The primary motivation behind this fourth and last article is to propose a way to identify key regulatory components that can be classified into major groups so we can discuss their importance and practical implications. 

We organized the following discussion in four major groups: Must Know, Must Do, Better Have, and Better Do. It goes without saying that this is a non-exclusive and non-exhaustive discussion. Instead, for each of these major groups, we will select one or a few examples that configure a good start on the road to GDPR compliance. The “analysis” piece of this article will be presented as an informal discussion to keep this article within an acceptable length.

Must Know

If there are components that anyone interested in GDPR must know, these are probably the applicability and non-applicability of the Regulation and associated fines. The GDPR text can sometimes be very specific and practical, while some other portions leave too much room for interpretation. In any case, establishing a knowledge foundation is the best one can do towards GDPR compliance.

Applicability and Non-Applicability of the GDPR

The General Data Protection Regulation (GDPR) establishes rules for protecting natural persons concerning the processing of personal data (Article 1). The GDPR “applies to the processing of personal data wholly or partly by automated means and to the processing other than by automated means of personal data which form part of a filing system or are intended to form part of a filing system” (Article 2). The Regulation applies to any data processing related to members of the European Union (EU) regardless of the processors’ location. (Article 3)

Natural person and data subject are synonymous. Personal data is a term for data that reveals information that identifies or has the potential to identify a natural person. Processing is the term used to describe any operation executed on personal data. A processor is a term to describe a natural or legal person who processes data (Article 4).

The GDPR does not apply to “the processing of personal data which concerns legal persons and in particular, undertakings established as legal persons, including the name and the form of the legal person and the contact details of the legal person” (Recital 14). Legal entities many times operate as a processor. Although the GDPR does not apply to data that identifies legal entities, legal entities often possess data that identifies natural persons (their customers). Therefore, GDPR protects these customers’ right to privacy (Article 28).

Penalties

Perhaps the most important exercise an organization intending to process data that can be seen as personally identifiable information (PII) can do is to identify what from the GDPR applies and does not apply in the context of the application that the organization is responsible for. It is not rare to see organizations downplaying the need to comply with privacy regulations such as the GDPR in an attempt to overlook its severity.
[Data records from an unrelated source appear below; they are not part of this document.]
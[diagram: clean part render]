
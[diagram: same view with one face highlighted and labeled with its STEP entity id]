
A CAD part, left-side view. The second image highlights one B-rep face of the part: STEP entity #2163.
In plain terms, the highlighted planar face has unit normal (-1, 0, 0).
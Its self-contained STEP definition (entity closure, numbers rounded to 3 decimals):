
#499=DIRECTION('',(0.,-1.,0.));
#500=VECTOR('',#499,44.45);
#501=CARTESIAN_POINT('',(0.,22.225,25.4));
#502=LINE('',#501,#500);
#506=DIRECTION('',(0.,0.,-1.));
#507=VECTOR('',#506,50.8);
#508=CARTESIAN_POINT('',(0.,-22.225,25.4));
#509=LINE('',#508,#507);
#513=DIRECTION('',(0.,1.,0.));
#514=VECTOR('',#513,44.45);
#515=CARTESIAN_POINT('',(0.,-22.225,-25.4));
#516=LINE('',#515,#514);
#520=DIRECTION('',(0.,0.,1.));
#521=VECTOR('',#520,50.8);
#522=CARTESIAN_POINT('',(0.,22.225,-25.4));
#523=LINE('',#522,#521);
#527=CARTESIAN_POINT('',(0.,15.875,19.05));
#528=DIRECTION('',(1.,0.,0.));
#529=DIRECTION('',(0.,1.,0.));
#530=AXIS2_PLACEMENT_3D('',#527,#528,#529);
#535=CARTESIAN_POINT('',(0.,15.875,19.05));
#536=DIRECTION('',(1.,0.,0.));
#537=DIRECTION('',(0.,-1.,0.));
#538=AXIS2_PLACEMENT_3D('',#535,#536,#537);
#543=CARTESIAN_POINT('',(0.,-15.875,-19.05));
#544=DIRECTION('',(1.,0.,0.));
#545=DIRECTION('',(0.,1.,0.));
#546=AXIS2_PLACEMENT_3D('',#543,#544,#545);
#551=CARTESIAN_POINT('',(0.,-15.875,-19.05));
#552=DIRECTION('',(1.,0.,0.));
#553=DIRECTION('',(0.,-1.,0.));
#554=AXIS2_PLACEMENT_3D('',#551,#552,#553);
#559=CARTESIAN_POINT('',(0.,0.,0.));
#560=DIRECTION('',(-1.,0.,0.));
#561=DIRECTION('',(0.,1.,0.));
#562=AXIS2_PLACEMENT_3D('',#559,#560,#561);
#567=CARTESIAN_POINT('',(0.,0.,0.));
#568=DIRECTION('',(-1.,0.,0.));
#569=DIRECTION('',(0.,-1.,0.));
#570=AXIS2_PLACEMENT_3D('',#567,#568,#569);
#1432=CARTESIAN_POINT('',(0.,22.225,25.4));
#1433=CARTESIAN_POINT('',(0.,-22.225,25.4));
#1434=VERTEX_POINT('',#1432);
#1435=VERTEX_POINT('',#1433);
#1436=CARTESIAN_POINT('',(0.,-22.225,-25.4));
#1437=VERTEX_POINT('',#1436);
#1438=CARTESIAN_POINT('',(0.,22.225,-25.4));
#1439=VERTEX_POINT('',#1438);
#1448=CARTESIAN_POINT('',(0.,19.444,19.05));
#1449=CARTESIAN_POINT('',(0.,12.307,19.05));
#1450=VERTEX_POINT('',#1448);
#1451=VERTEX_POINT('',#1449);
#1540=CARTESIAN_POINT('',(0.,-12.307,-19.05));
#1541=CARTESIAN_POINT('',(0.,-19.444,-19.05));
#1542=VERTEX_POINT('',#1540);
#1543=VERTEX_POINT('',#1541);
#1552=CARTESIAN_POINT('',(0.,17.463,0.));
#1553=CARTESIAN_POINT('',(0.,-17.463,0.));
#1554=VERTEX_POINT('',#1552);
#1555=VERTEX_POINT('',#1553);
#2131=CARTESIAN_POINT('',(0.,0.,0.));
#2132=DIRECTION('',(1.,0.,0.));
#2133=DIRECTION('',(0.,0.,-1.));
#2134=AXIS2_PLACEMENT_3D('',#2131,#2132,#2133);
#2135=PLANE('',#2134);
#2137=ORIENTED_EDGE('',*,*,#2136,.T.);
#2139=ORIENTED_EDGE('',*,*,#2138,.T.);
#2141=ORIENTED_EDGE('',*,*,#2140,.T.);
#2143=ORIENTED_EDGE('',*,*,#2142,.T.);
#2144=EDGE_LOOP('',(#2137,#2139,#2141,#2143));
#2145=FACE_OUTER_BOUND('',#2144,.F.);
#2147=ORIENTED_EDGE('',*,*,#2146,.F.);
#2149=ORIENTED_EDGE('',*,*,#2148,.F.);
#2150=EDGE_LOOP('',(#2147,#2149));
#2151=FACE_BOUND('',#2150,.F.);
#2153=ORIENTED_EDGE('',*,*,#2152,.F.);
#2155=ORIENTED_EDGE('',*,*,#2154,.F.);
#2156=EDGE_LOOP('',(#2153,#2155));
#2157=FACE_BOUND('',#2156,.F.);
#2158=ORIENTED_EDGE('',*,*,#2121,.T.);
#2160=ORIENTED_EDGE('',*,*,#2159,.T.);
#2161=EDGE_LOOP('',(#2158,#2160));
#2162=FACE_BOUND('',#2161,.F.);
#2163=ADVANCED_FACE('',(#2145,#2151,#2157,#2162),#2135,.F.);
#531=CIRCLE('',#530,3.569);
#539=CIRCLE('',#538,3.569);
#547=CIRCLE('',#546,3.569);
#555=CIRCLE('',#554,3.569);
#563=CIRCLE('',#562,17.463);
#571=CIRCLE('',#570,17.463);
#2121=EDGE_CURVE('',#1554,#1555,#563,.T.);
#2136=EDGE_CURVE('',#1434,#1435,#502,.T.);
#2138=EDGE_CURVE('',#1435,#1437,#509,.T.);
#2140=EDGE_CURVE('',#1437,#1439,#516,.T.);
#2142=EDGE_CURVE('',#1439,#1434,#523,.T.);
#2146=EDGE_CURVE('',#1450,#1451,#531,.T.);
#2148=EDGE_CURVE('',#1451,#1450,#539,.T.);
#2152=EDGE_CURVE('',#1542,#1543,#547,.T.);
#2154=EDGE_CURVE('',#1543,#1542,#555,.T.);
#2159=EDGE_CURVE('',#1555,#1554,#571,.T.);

However, in 2021, the GDPR issued fines up to $823.9 million for violations. 

Violations can seem subtle for some organizations already in possession of personal data. In 2020 the GDPR issued a fine of $29.3 million to a company that failed to obtain consent or to inform customers about using their personal data for telemarketing purposes.

The first step towards compliance is, obviously, to know the requirements and their applicability. In some portions of its text, the GDPR advises that in case of doubt, the requirement must be fulfilled regardless, such as in the case of performing a privacy impact assessment.
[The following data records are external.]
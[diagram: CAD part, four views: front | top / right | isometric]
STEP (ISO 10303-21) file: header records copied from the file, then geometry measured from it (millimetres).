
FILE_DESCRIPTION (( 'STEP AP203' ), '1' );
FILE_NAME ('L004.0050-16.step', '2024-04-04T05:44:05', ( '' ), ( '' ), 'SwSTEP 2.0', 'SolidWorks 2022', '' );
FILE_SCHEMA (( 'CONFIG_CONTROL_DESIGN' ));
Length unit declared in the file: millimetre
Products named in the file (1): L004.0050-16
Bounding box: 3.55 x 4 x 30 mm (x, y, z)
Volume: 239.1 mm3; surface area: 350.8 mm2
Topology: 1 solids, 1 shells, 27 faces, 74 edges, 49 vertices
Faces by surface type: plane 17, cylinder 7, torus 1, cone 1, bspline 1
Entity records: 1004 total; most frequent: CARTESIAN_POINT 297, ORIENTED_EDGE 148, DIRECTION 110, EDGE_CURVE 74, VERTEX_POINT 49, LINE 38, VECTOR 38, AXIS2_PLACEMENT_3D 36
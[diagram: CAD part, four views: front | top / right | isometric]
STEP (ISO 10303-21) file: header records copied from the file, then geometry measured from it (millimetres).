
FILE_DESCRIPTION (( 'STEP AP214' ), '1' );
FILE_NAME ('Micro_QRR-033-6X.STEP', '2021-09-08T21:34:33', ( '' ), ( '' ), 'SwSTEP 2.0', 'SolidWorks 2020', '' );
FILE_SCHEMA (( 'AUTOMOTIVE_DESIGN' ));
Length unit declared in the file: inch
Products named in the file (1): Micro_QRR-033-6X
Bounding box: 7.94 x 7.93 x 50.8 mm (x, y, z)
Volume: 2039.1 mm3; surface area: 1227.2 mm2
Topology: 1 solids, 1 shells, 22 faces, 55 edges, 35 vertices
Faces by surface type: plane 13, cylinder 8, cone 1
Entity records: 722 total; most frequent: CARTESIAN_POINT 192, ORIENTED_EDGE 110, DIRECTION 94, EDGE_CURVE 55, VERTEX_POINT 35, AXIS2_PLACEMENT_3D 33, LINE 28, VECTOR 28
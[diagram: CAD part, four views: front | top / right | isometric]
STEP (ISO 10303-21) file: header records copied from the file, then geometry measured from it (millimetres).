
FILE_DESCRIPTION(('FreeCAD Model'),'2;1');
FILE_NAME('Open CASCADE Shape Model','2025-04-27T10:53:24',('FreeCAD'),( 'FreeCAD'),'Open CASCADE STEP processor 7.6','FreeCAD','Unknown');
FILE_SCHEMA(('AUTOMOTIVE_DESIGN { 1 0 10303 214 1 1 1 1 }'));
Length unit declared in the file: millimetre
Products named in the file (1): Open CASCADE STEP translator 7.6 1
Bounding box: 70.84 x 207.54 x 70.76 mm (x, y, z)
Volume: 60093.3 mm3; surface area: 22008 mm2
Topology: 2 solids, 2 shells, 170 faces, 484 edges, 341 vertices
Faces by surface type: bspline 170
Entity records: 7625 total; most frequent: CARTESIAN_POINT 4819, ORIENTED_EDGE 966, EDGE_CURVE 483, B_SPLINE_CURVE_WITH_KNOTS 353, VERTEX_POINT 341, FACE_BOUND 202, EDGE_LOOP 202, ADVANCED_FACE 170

Furthermore, all the general conditions for imposing fines, with different levels of severity, can be found in Article 83 of the GDPR. 

The GDPR establishes fines and further remedies or corrective powers when a violation occurs. Fines must be “effective, proportionate and dissuasive for each individual case. For the decision of whether and what level of penalty can be assessed, the authorities have a statutory catalogue of criteria which it must consider for their decision”. Severe violations (Article 83) are subject to fines of up to 20 million euros or up to 4% of an organization’s global turnover of the preceding year, whichever is higher (GDPR Fines and Penalties).

Must Do

Not all procedures and specifications in the GDPR are mandatory, and most of what is mandatory is subject to exceptions under proper conditions. However, if there is one issue above all others that can never be neglected, that could easily be the requirement for consent. We discussed consent in the previous articles of this series, and we return to this subject to place it in the Must Do group from a practical perspective.

Consent 

As we discussed in previous articles of this series, if an organization aims to process personal data, a mechanism for obtaining the consent of data subjects must be in place. According to Council Directive 93/13/EEC, consent must be requested via a pre-formulated interface presented in an intelligible and easily accessible form, using objective and easy-to-understand language, avoiding any terms that might be considered unfair. Before providing consent, the data subject should have no doubt of the controller’s identity and the purpose of processing personal data that is being requested.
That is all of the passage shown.